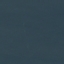
Label: SeaLake
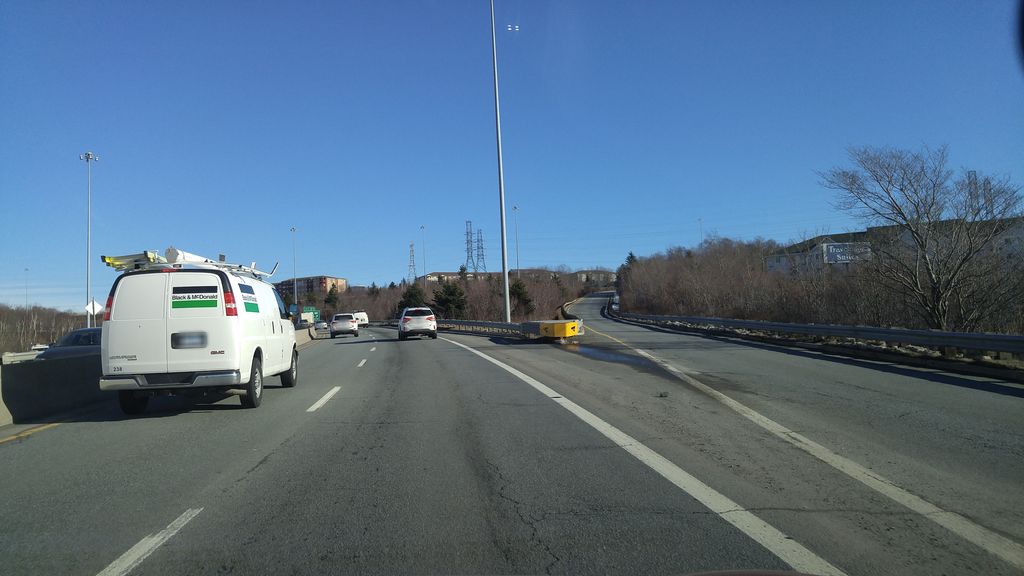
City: halifax
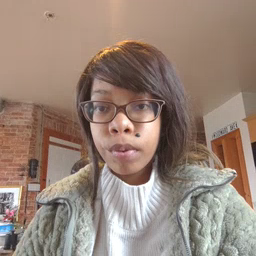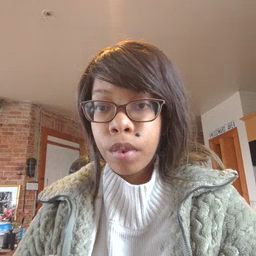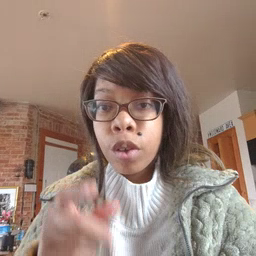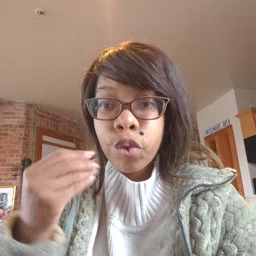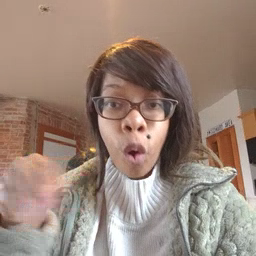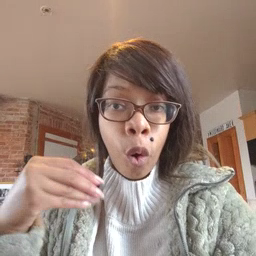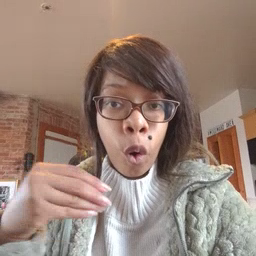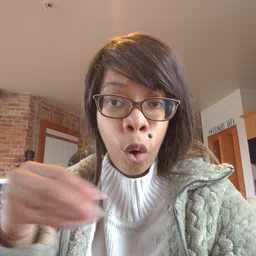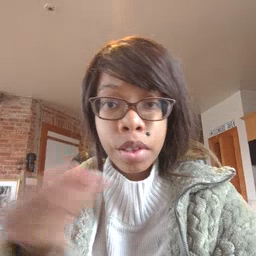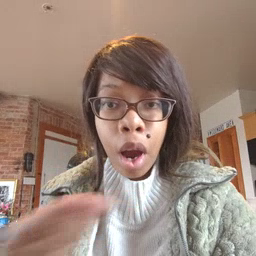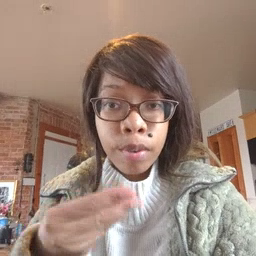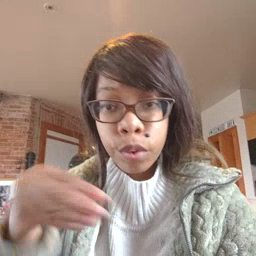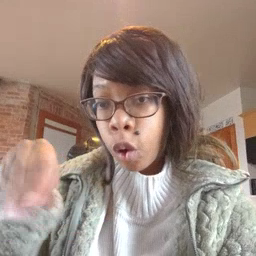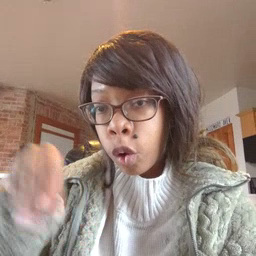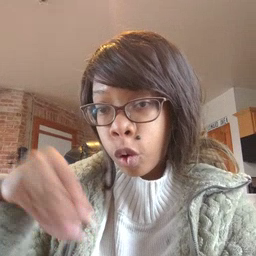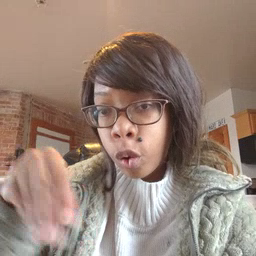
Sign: store
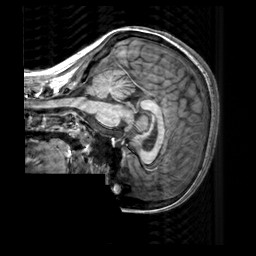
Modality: T1w
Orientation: sagittal
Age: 20
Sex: female
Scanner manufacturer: siemens
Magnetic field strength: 3 T
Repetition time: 2.3 s
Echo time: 0.00303 s
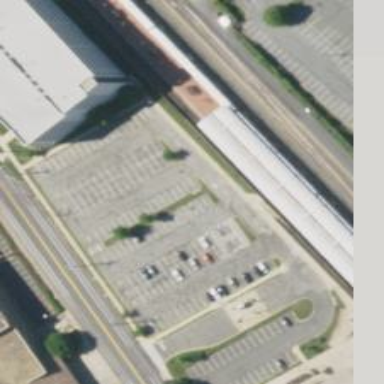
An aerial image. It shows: Parking lot with park and ride facilities.
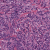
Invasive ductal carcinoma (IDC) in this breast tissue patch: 1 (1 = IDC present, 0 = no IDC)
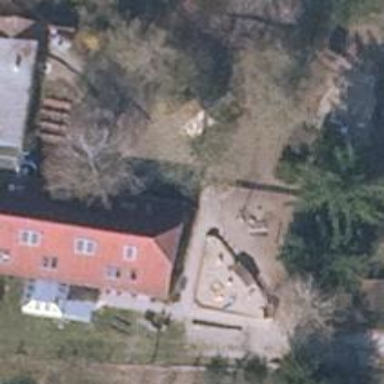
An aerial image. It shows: Kindergarten building.
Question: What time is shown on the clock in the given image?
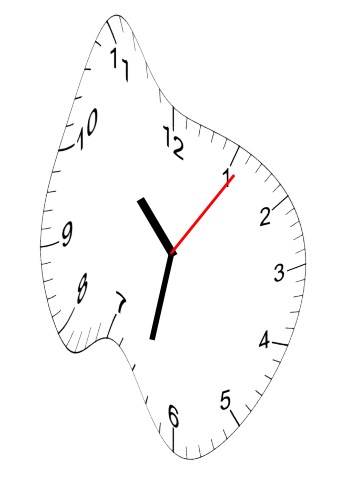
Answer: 10:32:06
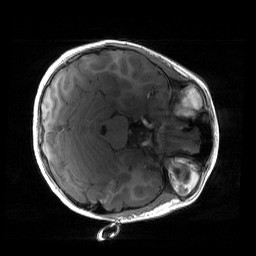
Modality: T1w
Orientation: axial
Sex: female
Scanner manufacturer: siemens
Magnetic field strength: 3 T
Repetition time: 1.9 s
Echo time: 0.00243 s
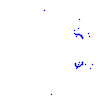
Particle: proton
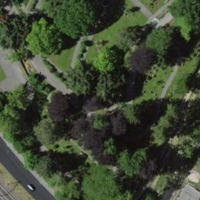
EUNIS habitat code: 53
Species observed at this site:
Buxus sempervirens
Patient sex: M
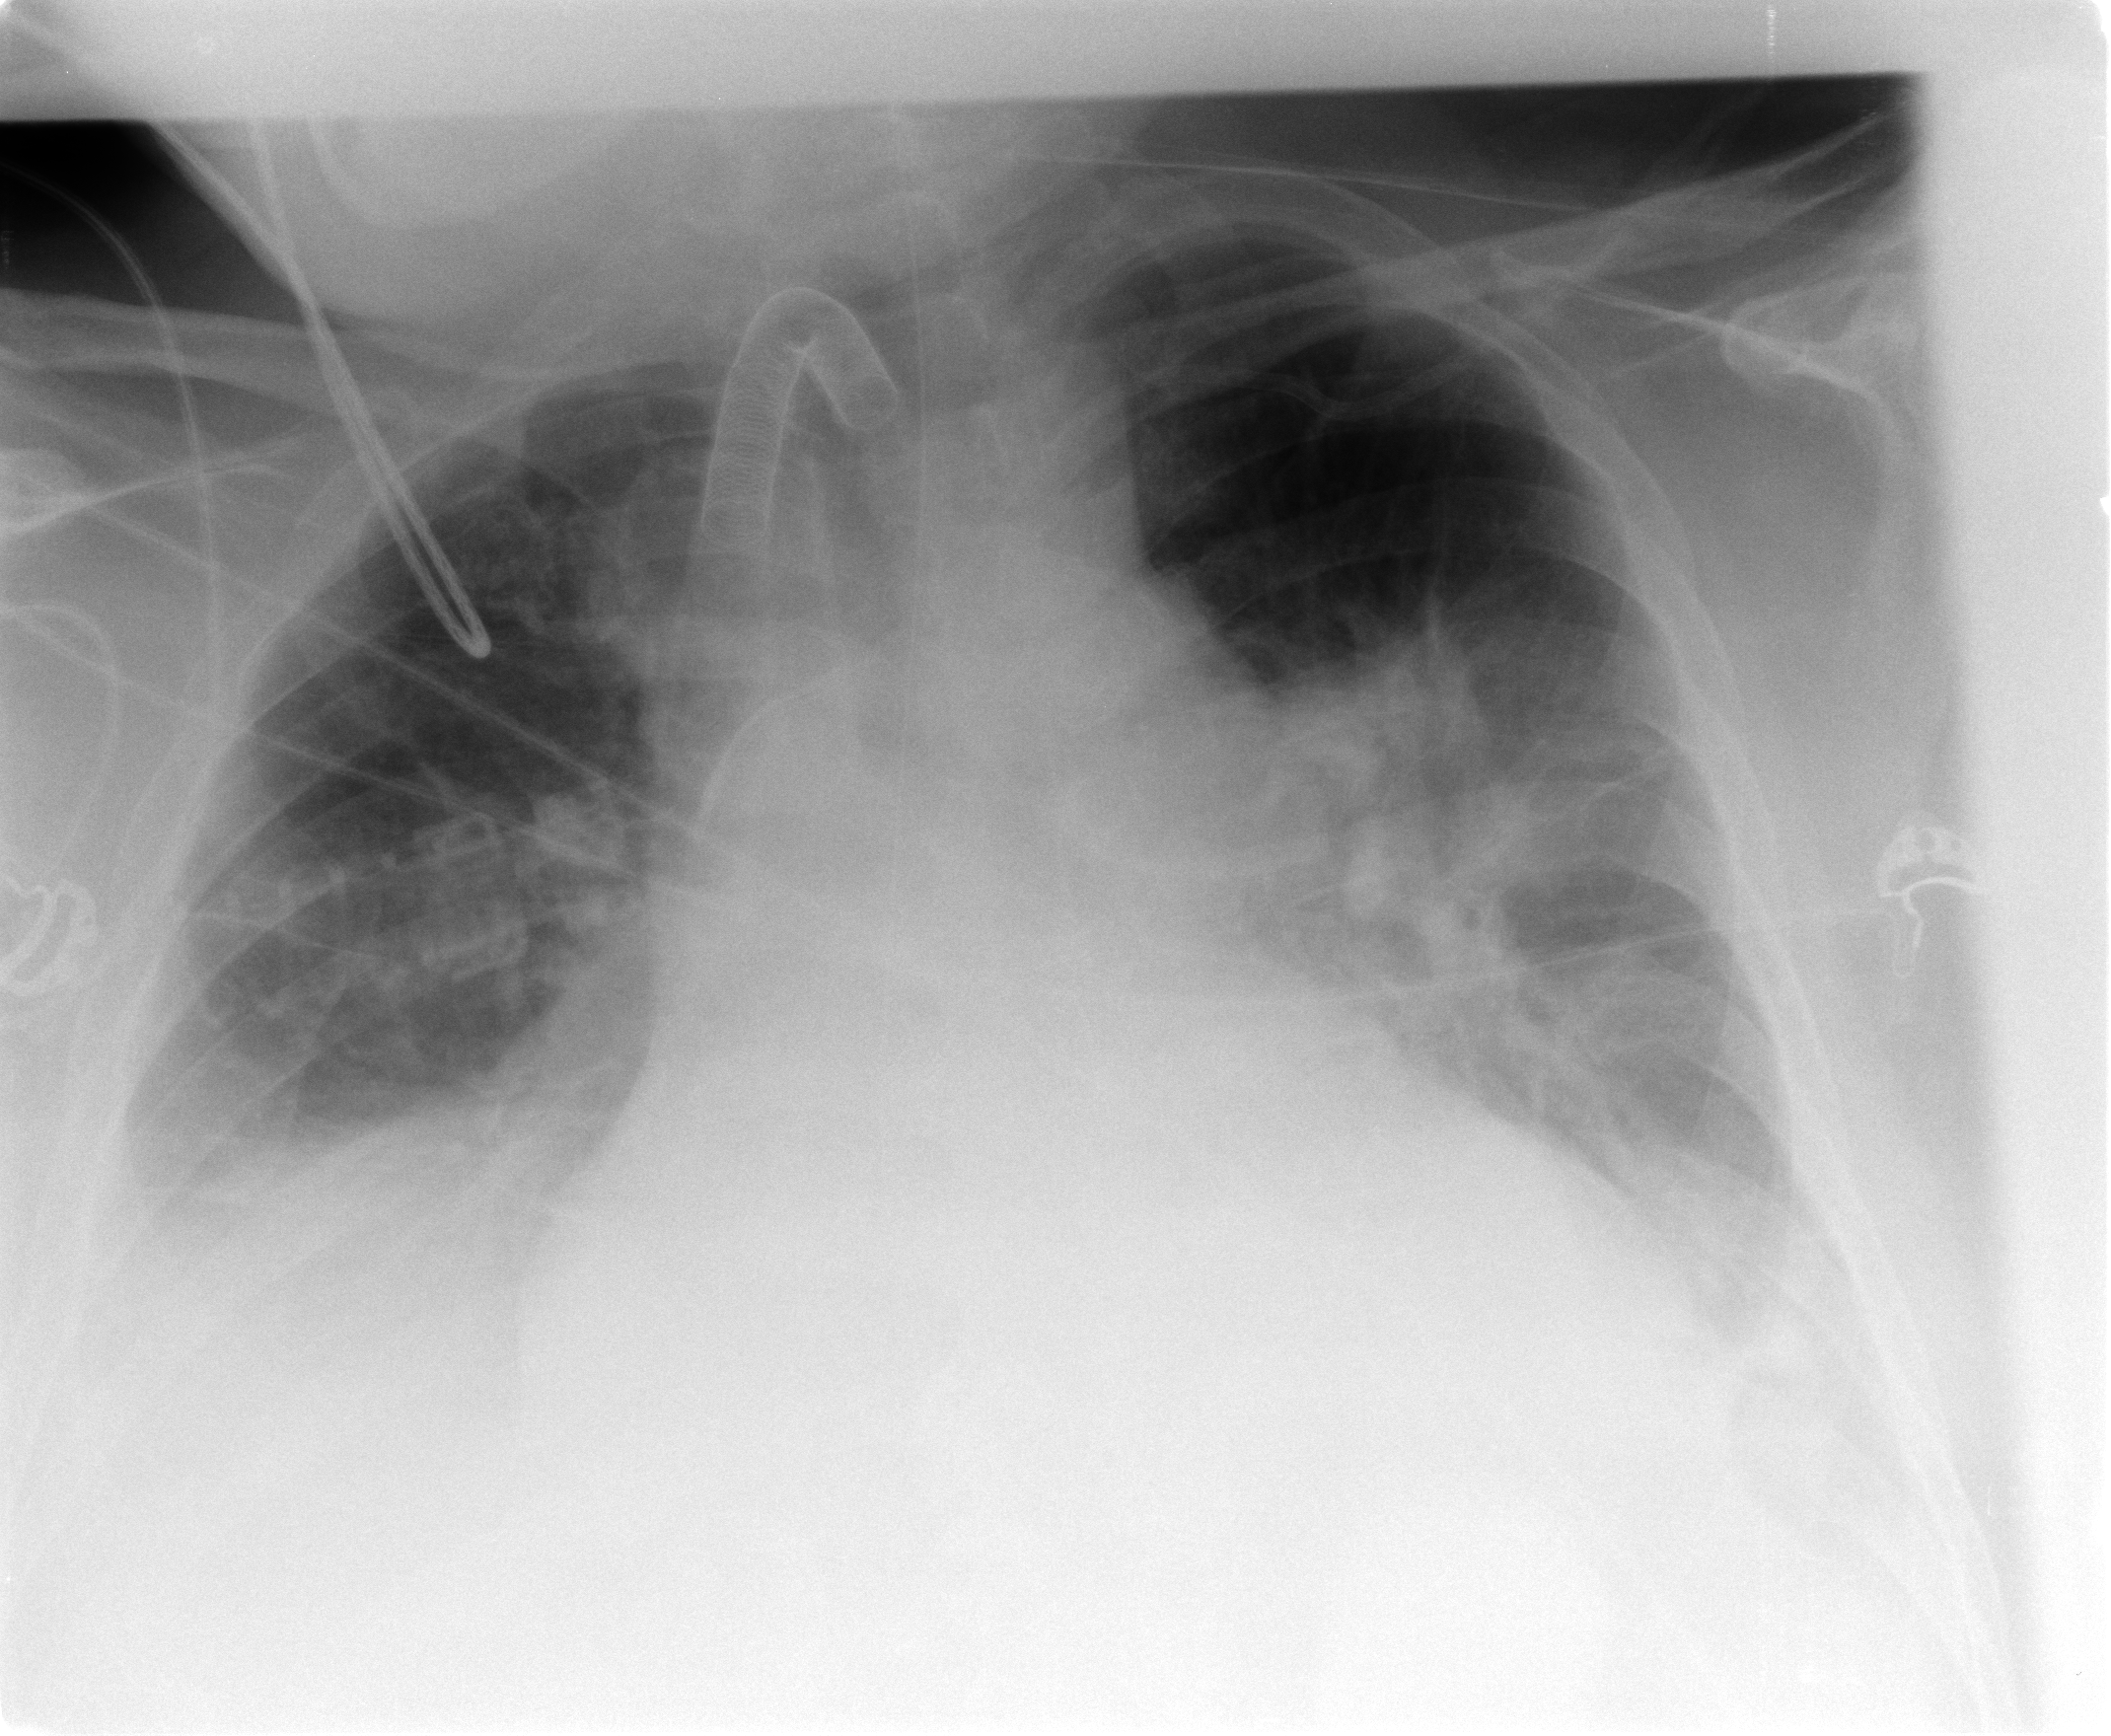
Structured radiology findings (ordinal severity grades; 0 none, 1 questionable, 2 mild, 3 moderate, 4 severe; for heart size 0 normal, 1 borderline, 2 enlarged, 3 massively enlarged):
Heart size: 2
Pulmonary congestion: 1
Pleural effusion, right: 2
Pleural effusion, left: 2
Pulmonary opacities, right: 0
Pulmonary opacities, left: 2
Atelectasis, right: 3
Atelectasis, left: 3
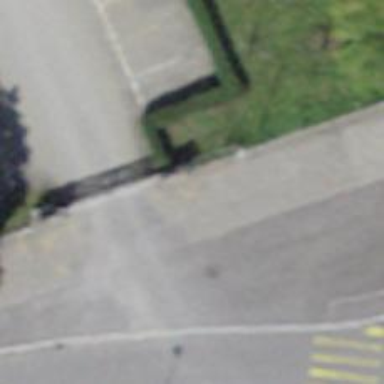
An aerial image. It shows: Gate.
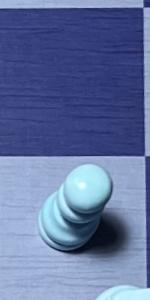
Label: Pawn_White
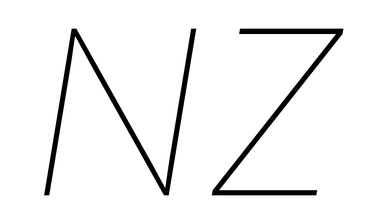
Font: Inter-Italic_Thin_Italic
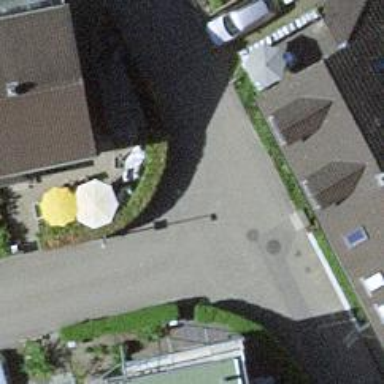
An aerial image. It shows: Residential road with asphalt surface and no sidewalk.
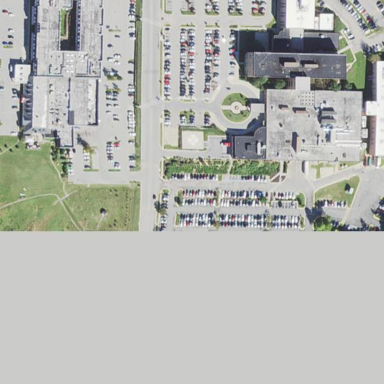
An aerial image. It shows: Hospital building.
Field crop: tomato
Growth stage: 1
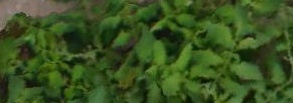
Species: tomato
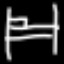
Label: bed
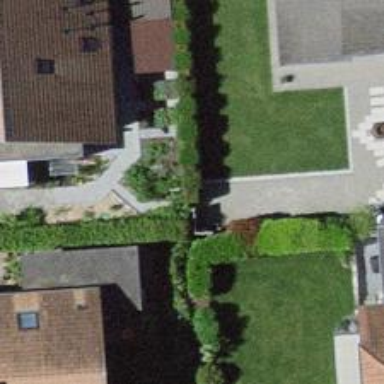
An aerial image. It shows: Hedge barrier.
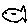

====

DIRECTIONS FOR THIS TASK -
Only the lines from the one containing "Atelectasis, left: 3" through the final line of the records should be retyped, exactly, with every picture omitted.

WRITTEN SOLUTION -
Atelectasis, left: 3
An aerial image. It shows: Gate.
Label: Pawn_White
Font: Inter-Italic_Thin_Italic
An aerial image. It shows: Residential road with asphalt surface and no sidewalk.
An aerial image. It shows: Hospital building.
Field crop: tomato
Growth stage: 1
Species: tomato
Label: bed
An aerial image. It shows: Hedge barrier.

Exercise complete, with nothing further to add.